Results: A total of 50 episodes of arterial thrombosis in 36 patients with APS have been registered. We found a significant correlation between the 807 T/T genotype of GP Ia/IIa and arterial thrombosis (22% vs 7%, p = 0.04; OR 3.59, 95% CI 1.20 to 10.79). The VNTR Ib-α and P1A1/2 IIb/IIIa polymorphisms were not associated with arterial thrombosis in patients with APS when individually analysed. The coexistence of both 807 T and PlA2 alleles increased the arterial thrombosis risk (28% vs 7%, p = 0.005; OR 4.84, 95% CI 1.67 to 13.96).
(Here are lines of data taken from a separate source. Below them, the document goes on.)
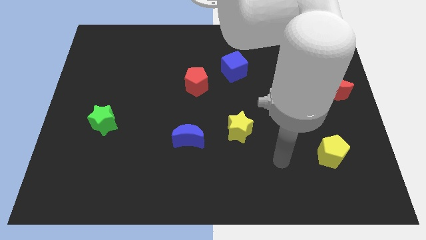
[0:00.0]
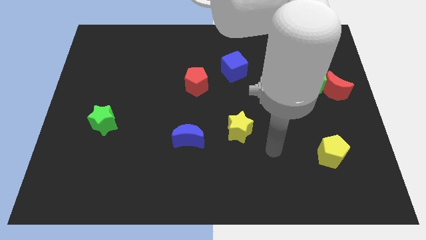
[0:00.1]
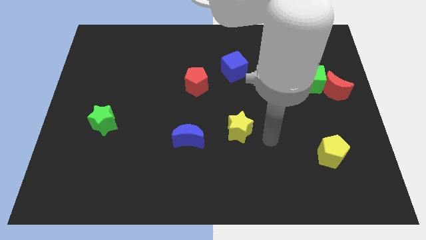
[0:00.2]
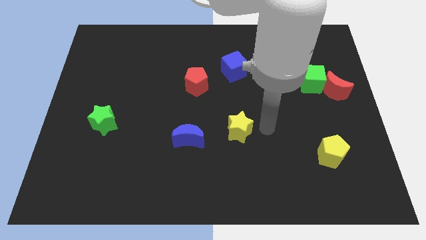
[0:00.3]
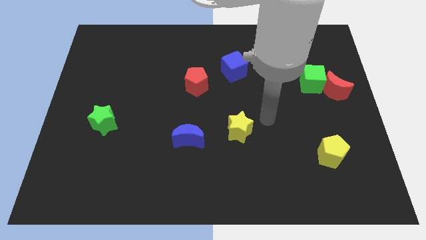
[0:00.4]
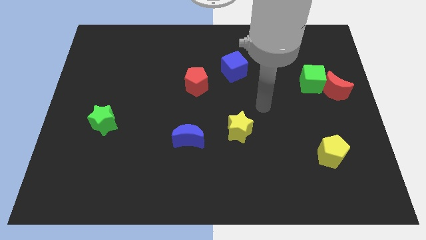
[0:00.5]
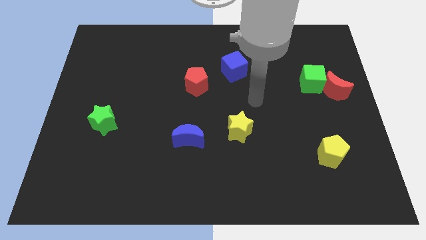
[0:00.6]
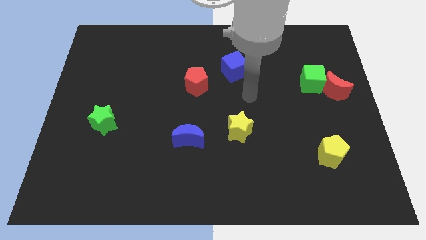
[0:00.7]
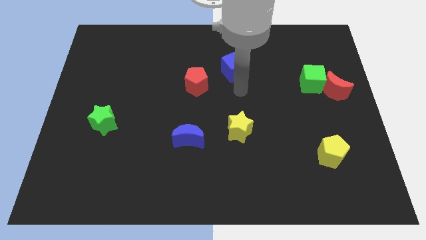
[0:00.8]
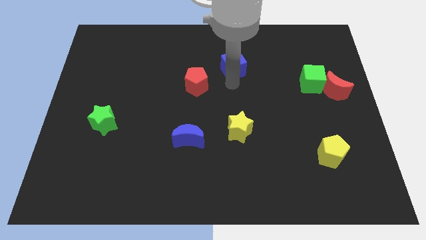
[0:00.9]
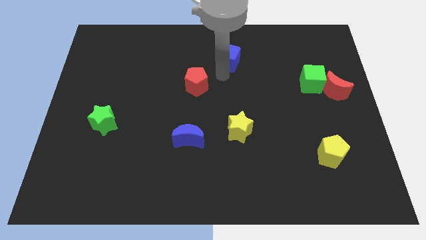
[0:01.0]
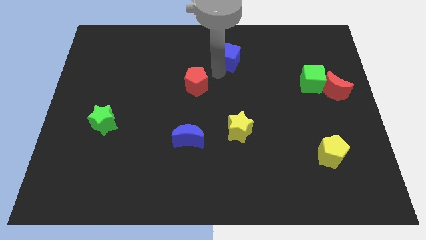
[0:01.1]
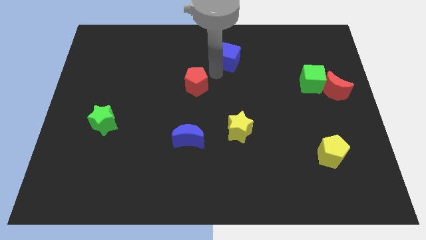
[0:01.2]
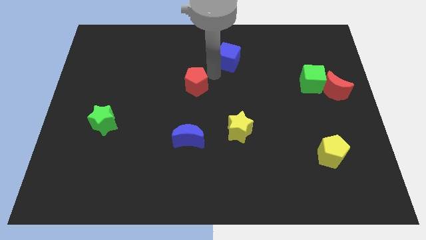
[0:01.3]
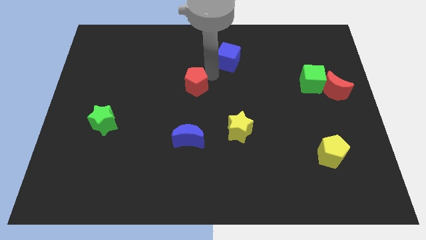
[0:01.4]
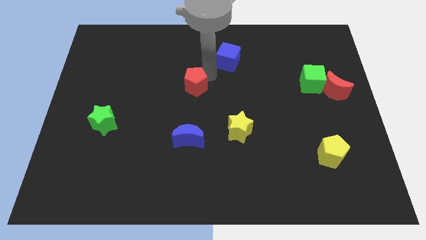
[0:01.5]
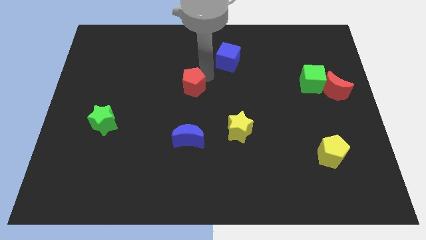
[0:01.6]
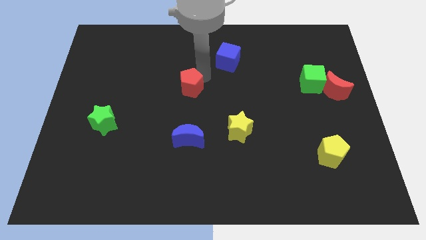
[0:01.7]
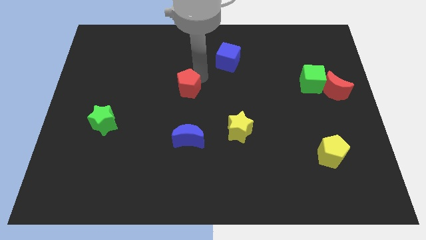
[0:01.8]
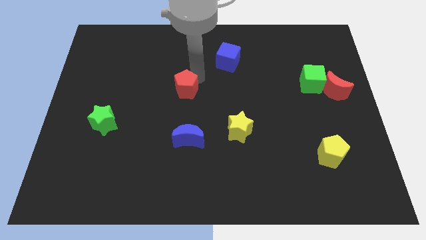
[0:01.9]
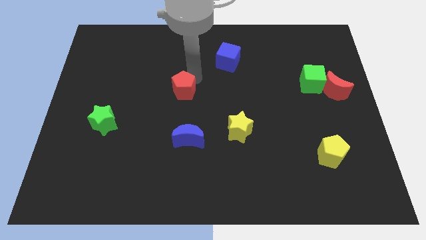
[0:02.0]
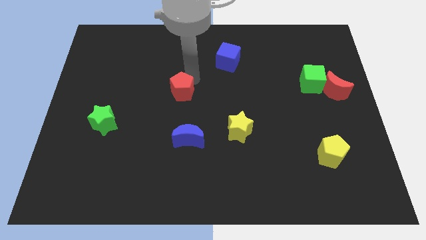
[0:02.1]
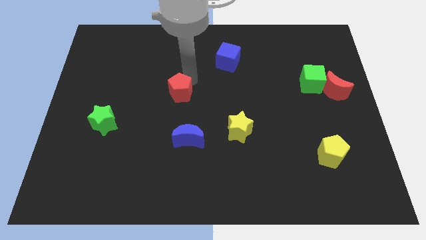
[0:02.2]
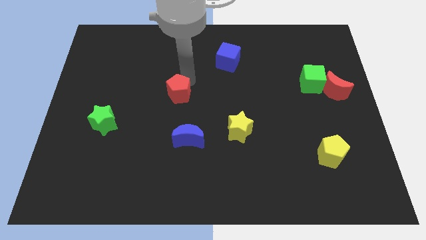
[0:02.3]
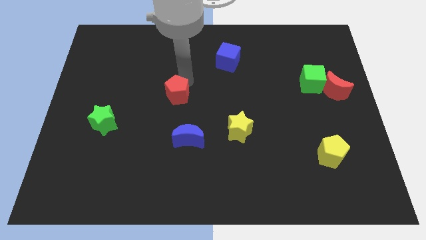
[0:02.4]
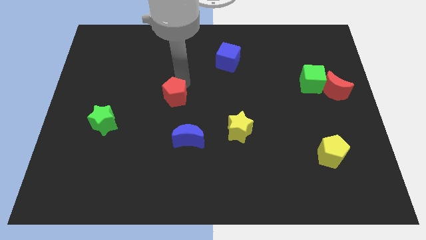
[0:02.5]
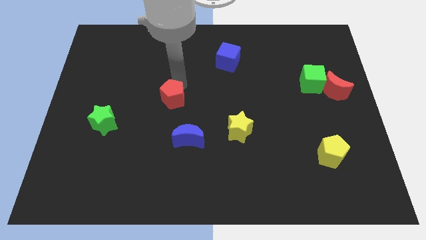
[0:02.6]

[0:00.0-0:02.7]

In patients with SLE, no relationship was found between the presence of carotid arteriosclerotic plaque and separate polymorphisms of platelet GP. The coexistence of alleles 807 T of GP Ia/IIa and PlA2 of GP IIb/IIIa was associated with the presence of carotid plaque (35% vs 4%, p = 0.002; OR 12.92, 95% CI 2.39 to 69.81).
Conclusions: The T/T genotype of 807 C/T polymorphism of GP Ia/IIa may be an additional risk for the development of arterial thrombosis in APS. The coexistence of both 807 T and PlA2 alleles increased the arterial thrombosis risk in patients with APS and preclinical arteriosclerosis in patients with SLE.